Across the entries that follow, tally every line holding the word "text" and reply with the count alone.

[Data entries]
------------------------------------------------------------------------

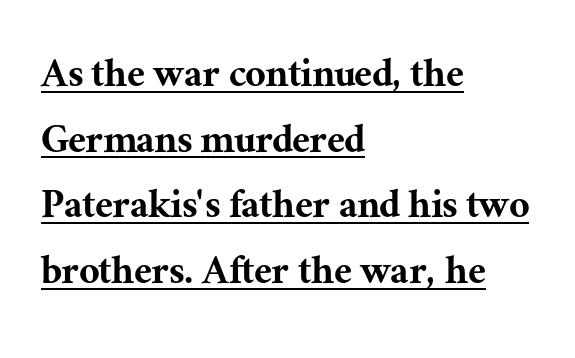
The glyphs are accompanied by a horizontal stroke just below them. Proportional: the letters do not fall into vertical columns. The tracking reads as untouched default to a designer's eye. Typographically, this falls in the serif category.
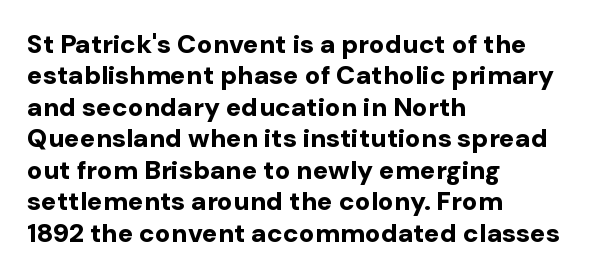
Q: Is the text bold? A: Yes.
Q: Is the text italic (slanted)? A: No, it is upright.
Q: Is the text underlined? A: No.
Q: How is the paragraph aligned? A: Left-aligned.
Q: Is the spacing between letters normal or unusually wide? A: Normal.

------------------------------------------------------------------------

## EXPECTED OUTPUT
3